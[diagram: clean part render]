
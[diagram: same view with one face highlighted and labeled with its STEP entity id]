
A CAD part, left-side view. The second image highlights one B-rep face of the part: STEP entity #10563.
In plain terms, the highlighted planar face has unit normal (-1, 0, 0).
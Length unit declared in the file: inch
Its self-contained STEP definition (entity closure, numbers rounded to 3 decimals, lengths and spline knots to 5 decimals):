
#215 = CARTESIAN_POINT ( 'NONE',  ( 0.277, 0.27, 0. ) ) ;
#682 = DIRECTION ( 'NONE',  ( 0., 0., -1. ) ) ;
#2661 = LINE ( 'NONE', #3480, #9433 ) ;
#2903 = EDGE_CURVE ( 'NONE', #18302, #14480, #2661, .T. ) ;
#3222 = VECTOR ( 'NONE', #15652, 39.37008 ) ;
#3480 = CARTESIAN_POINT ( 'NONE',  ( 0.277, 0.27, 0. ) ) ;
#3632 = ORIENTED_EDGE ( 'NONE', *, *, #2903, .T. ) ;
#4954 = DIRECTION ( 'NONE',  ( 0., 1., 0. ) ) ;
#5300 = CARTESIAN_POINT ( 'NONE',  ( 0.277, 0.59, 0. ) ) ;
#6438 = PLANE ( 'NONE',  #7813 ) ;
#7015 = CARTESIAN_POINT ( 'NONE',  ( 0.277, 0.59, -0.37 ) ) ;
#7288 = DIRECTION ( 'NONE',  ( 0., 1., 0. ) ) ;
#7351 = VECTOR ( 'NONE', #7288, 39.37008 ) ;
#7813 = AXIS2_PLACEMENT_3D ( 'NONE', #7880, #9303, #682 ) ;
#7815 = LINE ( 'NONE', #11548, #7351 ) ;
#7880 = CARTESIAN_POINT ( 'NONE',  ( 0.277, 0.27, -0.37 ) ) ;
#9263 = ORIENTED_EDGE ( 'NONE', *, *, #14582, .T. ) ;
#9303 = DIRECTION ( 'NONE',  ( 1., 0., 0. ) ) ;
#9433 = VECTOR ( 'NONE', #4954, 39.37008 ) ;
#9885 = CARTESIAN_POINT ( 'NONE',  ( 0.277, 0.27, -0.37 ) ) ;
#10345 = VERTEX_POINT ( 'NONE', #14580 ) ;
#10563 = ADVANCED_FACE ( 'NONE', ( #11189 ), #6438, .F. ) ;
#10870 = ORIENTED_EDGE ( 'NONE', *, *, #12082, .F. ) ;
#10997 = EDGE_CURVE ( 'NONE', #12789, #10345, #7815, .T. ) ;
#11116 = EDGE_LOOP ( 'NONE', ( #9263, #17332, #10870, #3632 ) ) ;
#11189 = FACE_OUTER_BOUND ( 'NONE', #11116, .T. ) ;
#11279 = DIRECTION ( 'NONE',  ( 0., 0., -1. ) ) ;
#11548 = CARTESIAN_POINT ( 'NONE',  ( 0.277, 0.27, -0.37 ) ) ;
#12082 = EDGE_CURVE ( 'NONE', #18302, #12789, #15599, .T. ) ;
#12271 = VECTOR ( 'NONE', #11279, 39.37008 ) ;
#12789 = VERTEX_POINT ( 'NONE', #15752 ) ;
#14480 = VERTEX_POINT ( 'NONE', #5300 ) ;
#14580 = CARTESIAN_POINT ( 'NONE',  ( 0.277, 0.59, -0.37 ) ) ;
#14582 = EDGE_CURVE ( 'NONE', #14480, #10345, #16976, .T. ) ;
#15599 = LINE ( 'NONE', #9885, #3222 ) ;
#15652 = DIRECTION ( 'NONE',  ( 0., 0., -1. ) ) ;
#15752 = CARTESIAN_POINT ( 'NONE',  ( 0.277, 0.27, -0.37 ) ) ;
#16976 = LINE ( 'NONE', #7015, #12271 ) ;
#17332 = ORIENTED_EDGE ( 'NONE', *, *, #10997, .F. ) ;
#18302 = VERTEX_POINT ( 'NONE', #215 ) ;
==============================
Now that the records have been shown, restate each one word for word.

[diagram: clean part render]
[diagram: same view with one face highlighted and labeled with its STEP entity id]
A CAD part, left-side view. The second image highlights one B-rep face of the part: STEP entity #10563.
In plain terms, the highlighted planar face has unit normal (-1, 0, 0).
Length unit declared in the file: inch
Its self-contained STEP definition (entity closure, numbers rounded to 3 decimals, lengths and spline knots to 5 decimals):
#215 = CARTESIAN_POINT ( 'NONE',  ( 0.277, 0.27, 0. ) ) ;
#682 = DIRECTION ( 'NONE',  ( 0., 0., -1. ) ) ;
#2661 = LINE ( 'NONE', #3480, #9433 ) ;
#2903 = EDGE_CURVE ( 'NONE', #18302, #14480, #2661, .T. ) ;
#3222 = VECTOR ( 'NONE', #15652, 39.37008 ) ;
#3480 = CARTESIAN_POINT ( 'NONE',  ( 0.277, 0.27, 0. ) ) ;
#3632 = ORIENTED_EDGE ( 'NONE', *, *, #2903, .T. ) ;
#4954 = DIRECTION ( 'NONE',  ( 0., 1., 0. ) ) ;
#5300 = CARTESIAN_POINT ( 'NONE',  ( 0.277, 0.59, 0. ) ) ;
#6438 = PLANE ( 'NONE',  #7813 ) ;
#7015 = CARTESIAN_POINT ( 'NONE',  ( 0.277, 0.59, -0.37 ) ) ;
#7288 = DIRECTION ( 'NONE',  ( 0., 1., 0. ) ) ;
#7351 = VECTOR ( 'NONE', #7288, 39.37008 ) ;
#7813 = AXIS2_PLACEMENT_3D ( 'NONE', #7880, #9303, #682 ) ;
#7815 = LINE ( 'NONE', #11548, #7351 ) ;
#7880 = CARTESIAN_POINT ( 'NONE',  ( 0.277, 0.27, -0.37 ) ) ;
#9263 = ORIENTED_EDGE ( 'NONE', *, *, #14582, .T. ) ;
#9303 = DIRECTION ( 'NONE',  ( 1., 0., 0. ) ) ;
#9433 = VECTOR ( 'NONE', #4954, 39.37008 ) ;
#9885 = CARTESIAN_POINT ( 'NONE',  ( 0.277, 0.27, -0.37 ) ) ;
#10345 = VERTEX_POINT ( 'NONE', #14580 ) ;
#10563 = ADVANCED_FACE ( 'NONE', ( #11189 ), #6438, .F. ) ;
#10870 = ORIENTED_EDGE ( 'NONE', *, *, #12082, .F. ) ;
#10997 = EDGE_CURVE ( 'NONE', #12789, #10345, #7815, .T. ) ;
#11116 = EDGE_LOOP ( 'NONE', ( #9263, #17332, #10870, #3632 ) ) ;
#11189 = FACE_OUTER_BOUND ( 'NONE', #11116, .T. ) ;
#11279 = DIRECTION ( 'NONE',  ( 0., 0., -1. ) ) ;
#11548 = CARTESIAN_POINT ( 'NONE',  ( 0.277, 0.27, -0.37 ) ) ;
#12082 = EDGE_CURVE ( 'NONE', #18302, #12789, #15599, .T. ) ;
#12271 = VECTOR ( 'NONE', #11279, 39.37008 ) ;
#12789 = VERTEX_POINT ( 'NONE', #15752 ) ;
#14480 = VERTEX_POINT ( 'NONE', #5300 ) ;
#14580 = CARTESIAN_POINT ( 'NONE',  ( 0.277, 0.59, -0.37 ) ) ;
#14582 = EDGE_CURVE ( 'NONE', #14480, #10345, #16976, .T. ) ;
#15599 = LINE ( 'NONE', #9885, #3222 ) ;
#15652 = DIRECTION ( 'NONE',  ( 0., 0., -1. ) ) ;
#15752 = CARTESIAN_POINT ( 'NONE',  ( 0.277, 0.27, -0.37 ) ) ;
#16976 = LINE ( 'NONE', #7015, #12271 ) ;
#17332 = ORIENTED_EDGE ( 'NONE', *, *, #10997, .F. ) ;
#18302 = VERTEX_POINT ( 'NONE', #215 ) ;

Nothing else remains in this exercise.